_The input:_
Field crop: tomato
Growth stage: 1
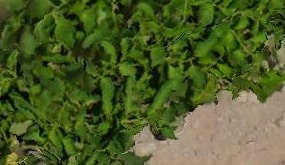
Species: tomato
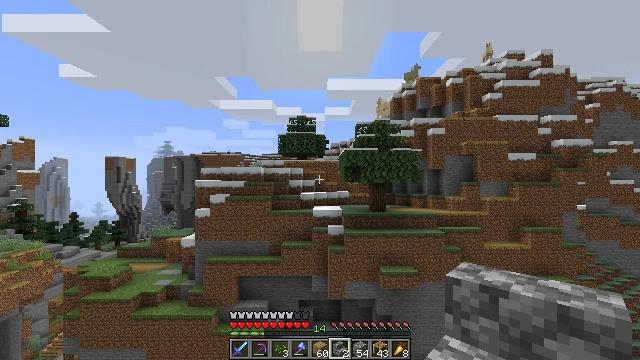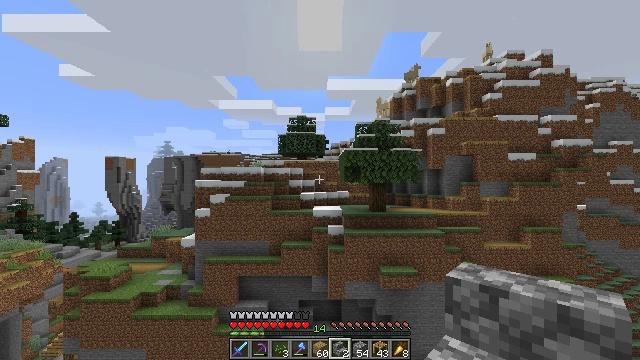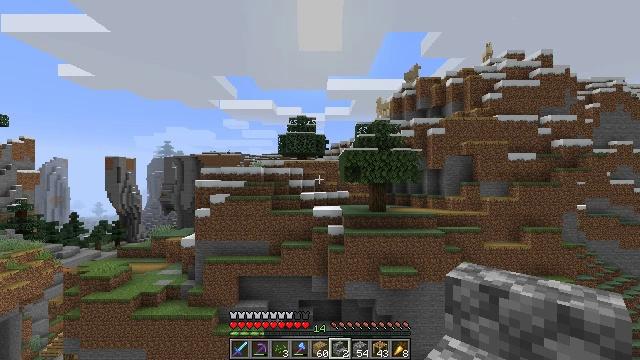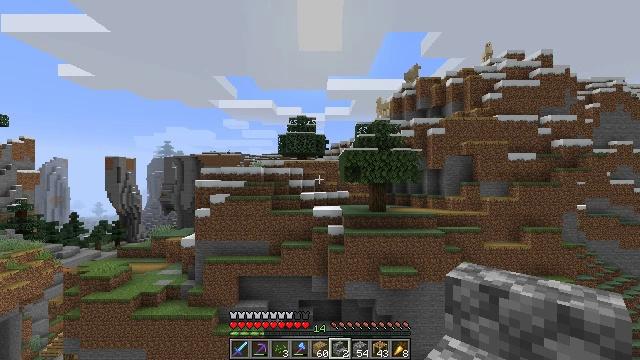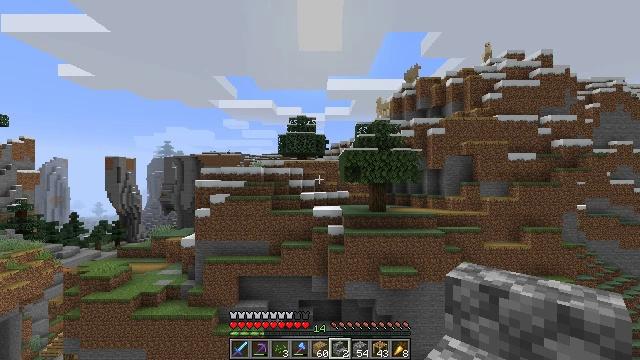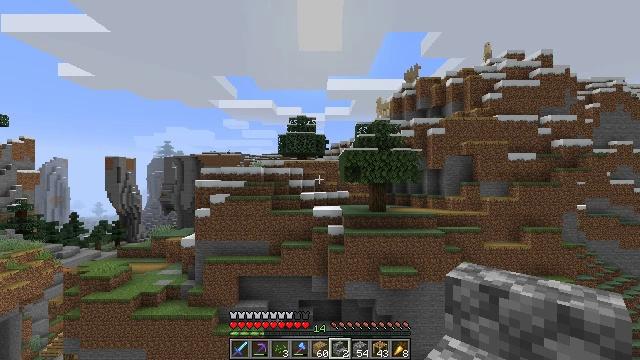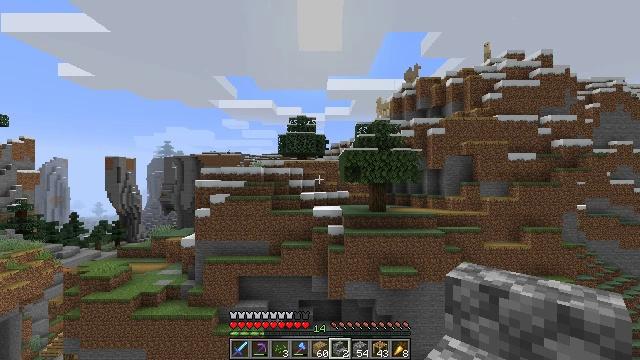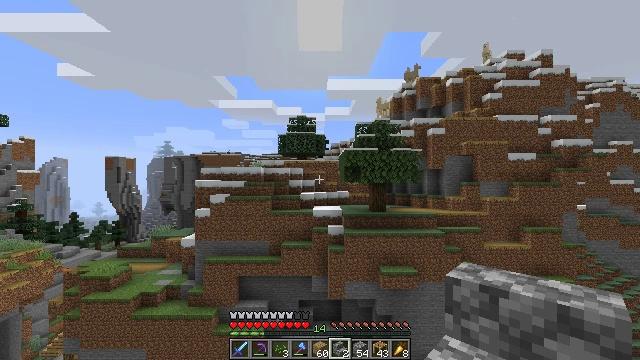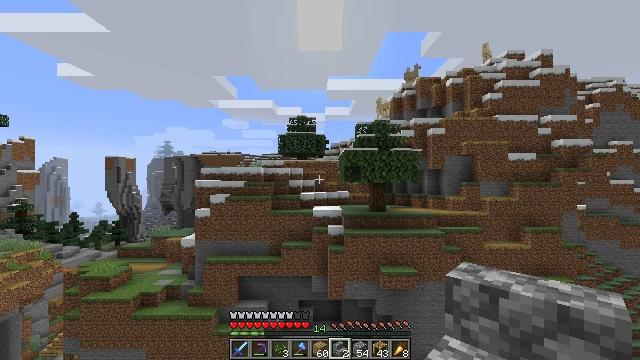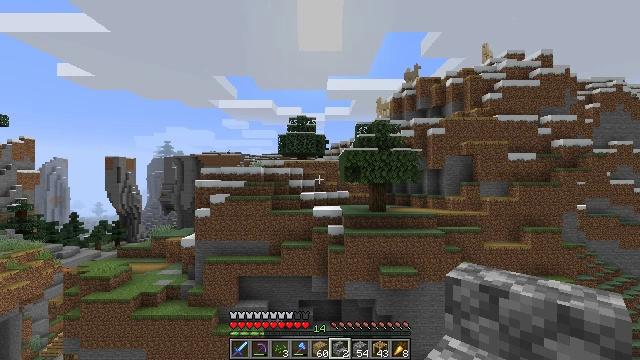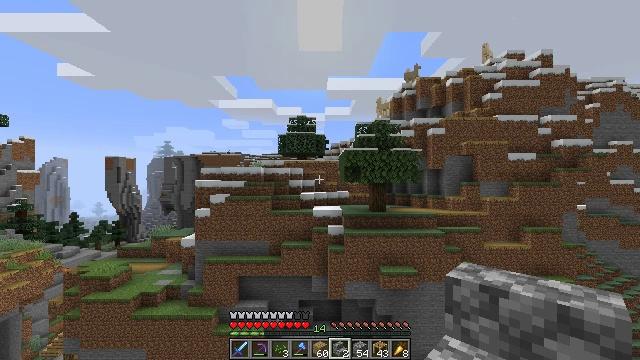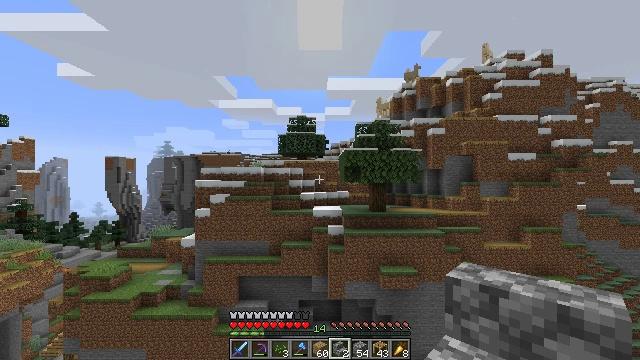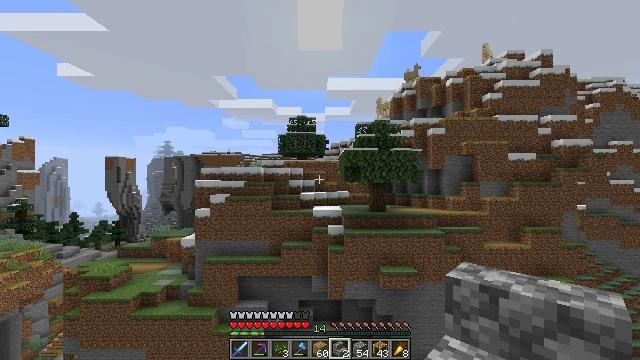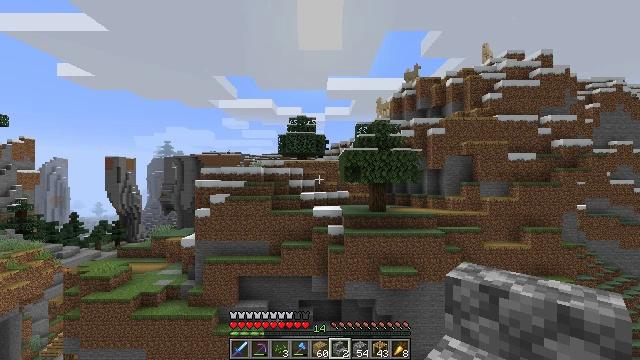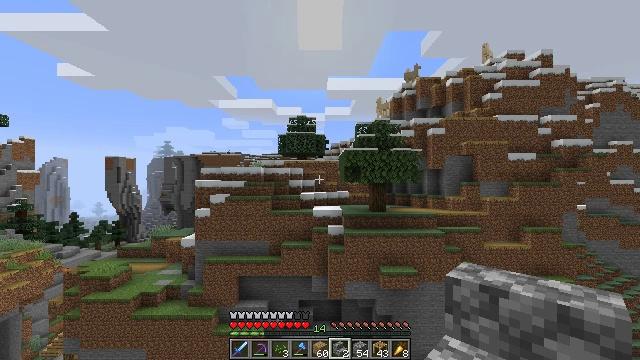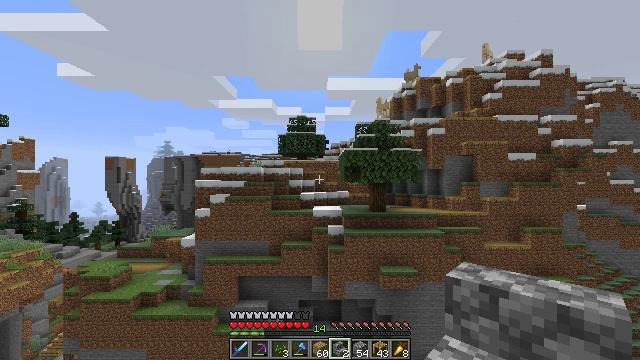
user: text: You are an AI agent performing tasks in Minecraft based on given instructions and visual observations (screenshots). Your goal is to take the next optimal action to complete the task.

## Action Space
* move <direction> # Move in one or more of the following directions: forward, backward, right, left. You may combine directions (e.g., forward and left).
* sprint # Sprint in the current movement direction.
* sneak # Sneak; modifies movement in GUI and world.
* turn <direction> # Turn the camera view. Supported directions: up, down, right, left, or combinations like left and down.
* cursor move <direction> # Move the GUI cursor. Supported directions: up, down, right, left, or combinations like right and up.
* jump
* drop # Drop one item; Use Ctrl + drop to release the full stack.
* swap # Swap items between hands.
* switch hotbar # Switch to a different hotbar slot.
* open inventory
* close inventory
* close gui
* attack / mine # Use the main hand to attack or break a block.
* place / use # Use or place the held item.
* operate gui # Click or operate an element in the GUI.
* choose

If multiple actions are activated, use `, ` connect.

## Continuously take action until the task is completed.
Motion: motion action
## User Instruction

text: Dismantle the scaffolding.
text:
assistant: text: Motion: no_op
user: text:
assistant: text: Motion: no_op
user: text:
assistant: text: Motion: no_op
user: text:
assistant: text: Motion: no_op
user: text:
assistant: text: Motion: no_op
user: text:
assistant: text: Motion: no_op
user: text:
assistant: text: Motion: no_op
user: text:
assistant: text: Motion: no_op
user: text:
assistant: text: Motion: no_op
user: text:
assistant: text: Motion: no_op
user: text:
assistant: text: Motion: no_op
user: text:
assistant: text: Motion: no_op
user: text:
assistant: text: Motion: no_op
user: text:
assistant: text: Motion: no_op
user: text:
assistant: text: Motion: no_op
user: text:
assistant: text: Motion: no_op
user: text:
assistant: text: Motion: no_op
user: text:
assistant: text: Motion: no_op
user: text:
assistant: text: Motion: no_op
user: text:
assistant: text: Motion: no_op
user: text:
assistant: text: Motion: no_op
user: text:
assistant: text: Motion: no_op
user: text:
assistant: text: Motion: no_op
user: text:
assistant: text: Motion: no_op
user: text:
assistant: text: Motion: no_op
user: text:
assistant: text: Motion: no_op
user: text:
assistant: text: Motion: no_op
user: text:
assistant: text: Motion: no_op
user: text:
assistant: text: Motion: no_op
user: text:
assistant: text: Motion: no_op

* * *

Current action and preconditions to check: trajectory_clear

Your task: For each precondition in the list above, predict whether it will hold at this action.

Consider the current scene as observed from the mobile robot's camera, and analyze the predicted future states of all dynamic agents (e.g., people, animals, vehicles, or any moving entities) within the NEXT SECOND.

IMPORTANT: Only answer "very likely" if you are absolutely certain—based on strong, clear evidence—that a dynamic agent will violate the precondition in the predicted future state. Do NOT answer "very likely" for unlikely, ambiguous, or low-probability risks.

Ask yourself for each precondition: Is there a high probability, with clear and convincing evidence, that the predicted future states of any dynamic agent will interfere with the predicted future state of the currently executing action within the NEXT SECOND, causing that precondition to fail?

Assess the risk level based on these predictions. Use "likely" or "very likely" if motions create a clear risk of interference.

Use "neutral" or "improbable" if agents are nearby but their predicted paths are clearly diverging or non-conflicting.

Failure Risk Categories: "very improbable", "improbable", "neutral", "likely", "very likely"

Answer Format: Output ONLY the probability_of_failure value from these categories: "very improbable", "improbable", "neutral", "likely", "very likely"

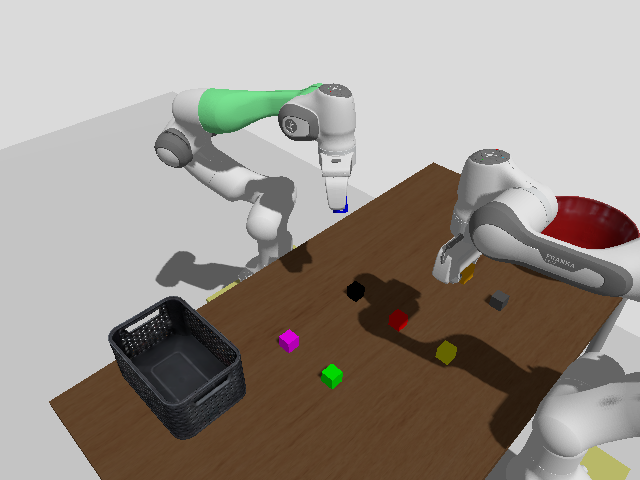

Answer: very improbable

_Exercise description:_
Locate the word "take" in the data above. Copy every line carrying it.

_Result for this task:_
user: text: You are an AI agent performing tasks in Minecraft based on given instructions and visual observations (screenshots). Your goal is to take the next optimal action to complete the task.
## Continuously take action until the task is completed.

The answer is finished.